Once you’ve dumped your bags, it’s time to explore. This afternoon, make your way into the Aussere Neustadt, home to wacky art and antique shops – don’t miss the Kunsthof, a series of connected courtyards, each imaginatively themed (the Court of the Elements, for example), where you’ll find second-hand clothes, books and wines.
If you’re feeling peckish, make your way to multi-cultural Louisenstrasse where Arab, Greek, Indian, Mexican and Turkish restaurants jostle for space. There’s also a great stand-up soup bar called Soul Food Sisters.
Although stollen is a fragrant fruit loaf that’s traditionally made for Advent, it’s available year-round in bakeries all over the city. Another picnic must is some cheese from Pfunds Dairy (founded in 1880) on nearby Bautzner Strasse, one of the most beautiful cheese shops you’ll ever see. Pick out some whiffy local specialities among the ornate neo-Renaissance tiles of the shop or head upstairs for a fondue in the restaurant.
In the morning, catch the S1 train (leaving Neustadt station at 51 minutes past the hour) east to the station of Schmilka, just short of the Czech border – in addition to hikers, many of your fellow passengers will be Dresdeners walking across the border for cheap beer and shopping. From the train station, jump onto the tiny ferry across to Schmilka itself, from where you can walk up the hamlet’s one street and into the green hills of Saxon Switzerland.
This is unique countryside – sandstones laid down 100 million years ago have been compacted, deformed and eroded, leaving flat-topped mesas, with deep, fir-filled gullies running between them. On top, the plateaus are capped with scrambling heather and bilberry bushes while peregrines, kestrels and swifts wheel through the air.
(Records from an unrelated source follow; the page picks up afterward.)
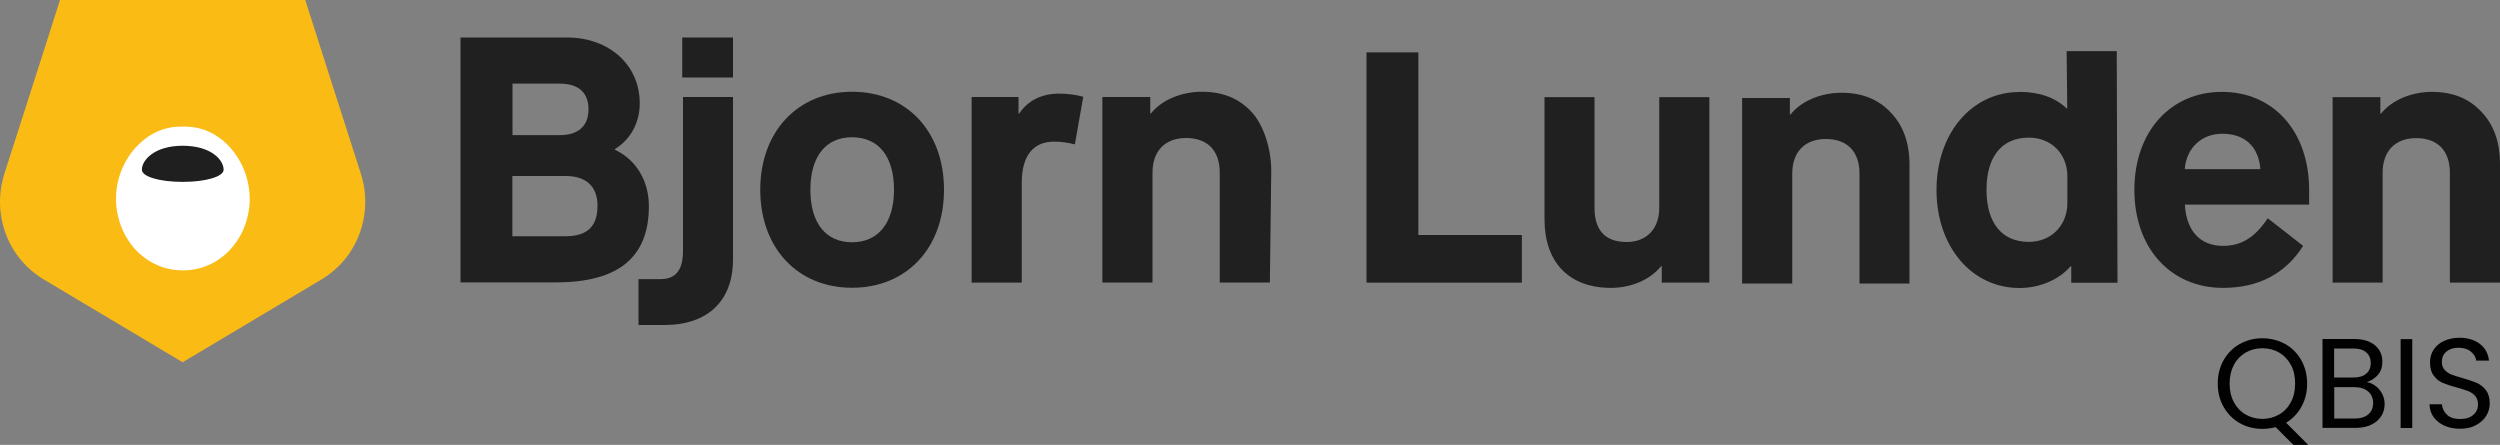 <?xml version="1.0" encoding="UTF-8"?>
<svg id="Lager_1" data-name="Lager 1" xmlns="http://www.w3.org/2000/svg" viewBox="0 0 200 35.59">
  <rect x="0" y="0" width="200" height="35.59" fill="#808080" stroke="none"/>
  <defs>
    <style>
      .cls-1 {
        fill: #1f1f1f;
      }

      .cls-1, .cls-2, .cls-3, .cls-4, .cls-5 {
        stroke-width: 0px;
      }

      .cls-2 {
        fill: #010101;
      }

      .cls-3 {
        fill: #fbbb15;
      }

      .cls-6 {
        isolation: isolate;
      }

      .cls-4 {
        fill: #fff;
      }

      .cls-5 {
        fill: #202020;
      }
    </style>
  </defs>
  <g>
    <g>
      <circle class="cls-4" cx="14.5" cy="16.71" r="7"/>
      <path class="cls-3" d="M3.59,22.41c-.87-.51-1.63-1.19-2.22-2C.02,18.53-.36,16.11.35,13.9L3.04,5.51,4.8,0h19.62l1.76,5.51,2.69,8.39c.71,2.21.33,4.62-1.02,6.51-.59.81-1.35,1.49-2.22,2l-11.02,6.57-11.02-6.57h0ZM10.97,11.67c-1.16,1.23-1.77,2.87-1.68,4.56.16,2.98,2.39,5.4,5.34,5.4s5.17-2.43,5.34-5.4c.08-1.68-.52-3.33-1.68-4.56-.33-.35-.71-.65-1.13-.9-.7-.42-1.51-.64-2.33-.64h-.39c-.82,0-1.63.22-2.33.64-.38.22-.72.49-1.03.8-.03.03-.06.06-.09.1h-.02Z"/>
      <path class="cls-1" d="M17.89,13.58c0,.53-1.37.97-3.27.97s-3.27-.43-3.27-.97c0-.78,1.01-1.92,3.27-1.92s3.27,1.13,3.27,1.92"/>
    </g>
    <g>
      <path class="cls-5" d="M36.85,3h8.51c3.39,0,5.82,2.21,5.82,5.26,0,1.59-.76,2.91-1.99,3.67v.05c1.68.78,2.72,2.47,2.72,4.51,0,4.11-2.44,6.1-7.45,6.1h-7.62V2.99h0ZM44.78,10.81c1.49,0,2.3-.73,2.3-2.07s-.81-2.05-2.3-2.05h-3.78v4.12h3.78ZM45.22,18.9c1.76,0,2.58-.78,2.58-2.44,0-1.54-.9-2.38-2.55-2.38h-4.26v4.82s4.23,0,4.23,0Z"/>
      <rect class="cls-5" x="54.58" y="3" width="4.06" height="3.2"/>
      <path class="cls-5" d="M58.64,7.76v13c0,3.28-1.99,5.24-5.49,5.24h-2.07v-3.67h1.78c1.59,0,1.78-1.31,1.78-2.29V7.76h4.01-.01Z"/>
      <path class="cls-5" d="M68.16,7.34c4.37,0,7.36,3.16,7.36,7.84s-3,7.84-7.36,7.84-7.34-3.19-7.34-7.84,3-7.84,7.34-7.84M68.16,10.98c-2.1,0-3.33,1.54-3.33,4.2s1.23,4.2,3.33,4.2,3.36-1.54,3.36-4.2-1.23-4.2-3.36-4.2"/>
      <path class="cls-5" d="M77.73,7.76h3.75v1.32h.06c.67-1.01,1.76-1.59,3.19-1.59.65,0,1.3.08,1.93.25l-.67,3.81c-.54-.14-1.09-.22-1.65-.22-1.71,0-2.6,1.15-2.6,3.3v7.98h-4.01V7.77h0Z"/>
      <path class="cls-5" d="M88.21,7.76h3.81v1.32h.05c.87-1.09,2.44-1.74,4.09-1.74s2.94.53,3.92,1.57c1.01,1.04,1.62,3,1.62,4.76l-.11,8.93h-4.01v-8.79c0-1.76-.98-2.77-2.69-2.77s-2.69,1.06-2.69,2.77v8.79h-4.01V7.76h.02Z"/>
    </g>
    <g>
      <polygon class="cls-5" points="109.32 4.19 113.47 4.19 113.47 18.8 121.75 18.8 121.75 22.61 109.32 22.61 109.32 4.19"/>
      <path class="cls-5" d="M123.55,7.77h4.01v8.85c0,1.82.87,2.74,2.58,2.74,1.59,0,2.6-1.06,2.6-2.74V7.77h4.01v14.84h-3.81v-1.32h-.05c-.87,1.09-2.41,1.74-4.01,1.74-3.36,0-5.32-2.04-5.32-5.49V7.77h-.01Z"/>
      <path class="cls-5" d="M139.38,7.84h3.81v1.32h.05c.87-1.09,2.44-1.74,4.09-1.74s2.94.53,3.92,1.57c1.01,1.04,1.51,2.44,1.51,4.2v9.49h-4v-8.79c0-1.76-.98-2.77-2.69-2.77s-2.69,1.06-2.69,2.77v8.79h-4.01V7.84h.01Z"/>
      <path class="cls-5" d="M161.55,7.35c1.59,0,2.86.45,3.78,1.32h.05l-.05-4.58h4.01l.06,18.53h-3.7v-1.32h-.05c-.87,1.01-2.38,1.74-4.09,1.74-3.84,0-6.64-3.33-6.64-7.84s2.8-7.84,6.64-7.84M165.39,14.12c0-1.82-1.29-3.11-3.08-3.11-2.16,0-3.39,1.51-3.39,4.17s1.23,4.17,3.39,4.17c1.79,0,3.08-1.32,3.08-3.11v-2.13h0Z"/>
      <path class="cls-5" d="M177.76,7.35c4.12,0,6.97,3.16,6.97,7.84v1.18h-9.94c.11,2.1,1.23,3.3,3.05,3.3,1.46,0,2.55-.67,3.58-2.21l2.83,2.21c-1.43,2.24-3.58,3.36-6.41,3.36-4.17,0-7.09-3.16-7.09-7.84s2.91-7.84,7-7.84M180.83,13.53c-.14-1.79-1.23-2.83-3.05-2.83-1.65,0-2.86,1.12-3,2.83h6.05Z"/>
      <path class="cls-5" d="M186.62,7.77h3.81v1.32h.05c.87-1.09,2.44-1.74,4.09-1.74s2.94.53,3.92,1.57c1.01,1.04,1.51,2.44,1.51,4.2v9.49h-4.01v-8.79c0-1.76-.98-2.77-2.69-2.77s-2.69,1.06-2.69,2.77v8.79h-4V7.77h.01Z"/>
    </g>
  </g>
  <g class="cls-6">
    <g class="cls-6">
      <g class="cls-6">
        <path class="cls-2" d="M183.47,35.59l-1.42-1.42c-.35.09-.7.14-1.06.14-.66,0-1.26-.15-1.81-.46s-.97-.74-1.29-1.3c-.32-.55-.47-1.18-.47-1.87s.16-1.32.47-1.87c.32-.55.75-.99,1.29-1.29s1.15-.46,1.81-.46,1.27.16,1.82.46.97.74,1.29,1.29c.31.55.47,1.18.47,1.88s-.15,1.29-.45,1.84c-.3.54-.71.97-1.23,1.29l1.79,1.79h-1.2ZM178.71,32.17c.23.43.54.76.94.99s.84.35,1.34.35.94-.12,1.34-.35.71-.56.94-.99c.23-.43.34-.92.34-1.49s-.11-1.07-.34-1.49-.54-.75-.93-.98c-.39-.23-.84-.35-1.35-.35s-.95.12-1.35.35c-.39.23-.71.56-.93.98s-.34.92-.34,1.49.11,1.06.34,1.49Z"/>
        <path class="cls-2" d="M190.07,30.89c.21.17.38.38.51.63.13.25.19.52.19.81,0,.36-.09.68-.28.97s-.45.52-.8.68c-.35.17-.76.25-1.24.25h-2.65v-7.11h2.55c.48,0,.89.08,1.23.24.34.16.59.38.76.65.17.27.25.58.25.92,0,.42-.11.77-.34,1.04s-.53.47-.9.6c.26.04.49.15.71.32ZM186.73,30.2h1.56c.44,0,.77-.1,1.01-.31.24-.2.36-.49.36-.85s-.12-.64-.36-.85-.58-.31-1.03-.31h-1.54v2.31ZM189.46,33.15c.26-.22.39-.52.39-.91s-.14-.71-.41-.93c-.27-.23-.64-.34-1.09-.34h-1.61v2.51h1.64c.46,0,.82-.11,1.08-.33Z"/>
        <path class="cls-2" d="M192.98,27.13v7.11h-.93v-7.11h.93Z"/>
        <path class="cls-2" d="M195.56,34.06c-.37-.17-.66-.4-.87-.69s-.32-.64-.33-1.03h.99c.03.33.17.61.41.84s.59.34,1.06.34.79-.11,1.04-.33c.26-.22.38-.5.38-.85,0-.27-.08-.49-.22-.66s-.34-.3-.56-.39c-.22-.09-.53-.18-.91-.29-.47-.12-.84-.25-1.13-.37s-.52-.31-.72-.58c-.2-.26-.3-.61-.3-1.06,0-.39.1-.73.3-1.03s.47-.53.83-.69c.36-.16.77-.25,1.23-.25.67,0,1.21.17,1.64.5.42.33.66.78.72,1.33h-1.02c-.03-.27-.18-.51-.43-.72-.25-.21-.58-.31-1-.31-.39,0-.7.1-.95.3-.25.2-.37.48-.37.84,0,.26.07.47.22.63s.33.29.54.37.51.18.9.29c.47.13.85.26,1.13.38.29.13.53.32.73.58s.31.62.31,1.07c0,.35-.09.67-.28.98-.18.31-.46.55-.82.75s-.79.29-1.27.29-.89-.08-1.26-.25Z"/>
      </g>
    </g>
  </g>
</svg>

It’s little more than an hour’s hike to the Grosswinterberg, a peak of 556m from where you can sit and gaze at the spectacular views across the mesas and across into the Czech Republic. There’s a hotel and restaurant at the top, but why not find your own private spot and settle down for some bread and a bit of that Pfunds’ Dairy cheese?
Hiking onwards, you’ll drop down to the hamlet of Zeughaus, tucked away in a small valley, where there’s a hikers’ bunkhouse you can use this as your base. Otherwise, continue down the valley for an hour or so and you’ll reach the Kirnitzsch valley, which you can follow downstream to the Lichtenhainer waterfall.
Here you can jump on a vintage tram, the Kirnitzschtalbahn, which will chug through to the spa town of Bad Schandau; alternatively you can hike there in two-and-a-half hours. Stay the night here in Bad Schandau – there are plenty of sweet guesthouses, or try the smart but reasonable Hotel Sigl’s.
The next day, leave the quiet charm of Bad Schandau and jump on a train back to Dresden – it’s time to see something of the famous old town. From the Mitte station it’s a short walk east to the wonderful Baroque courtyard of the Zwinger, ringed by great museums and art galleries, and beyond it the royal palace and cathedral.
One of the city’s oddest museums is the German Hygiene Museum, on Lingnerplatz; it’s stuffed with exhibits on bodily functions of every kind, including the iconic Transparent Man (currently a woman).
Don’t miss Friedrichstadt, once a prosperous suburb and now semi-dormant. You’ll pass the 200m-long Baroque façade of the Marcolini Palace, where Napoleon and Wagner both lived; it’s now a hospital, but you can wander through the gardens to the massive Fountain of Neptune. Beyond is the port, where you should seek out the Fischhaus Alberthafen, a fish restaurant that’s a long-standing local favourite.
Heading back into the heart of the city along Magdeburger Strasse, you can’t miss the bizarre sight of a factory disguised as a mosque. This is the unique Yenidze building, built in 1908 as a cigar factory but modelled on an ancient tomb in Cairo. The cupola terrace makes a superb location for an afternoon beer or two, looking east up the Elbe, before contemplating the flight home.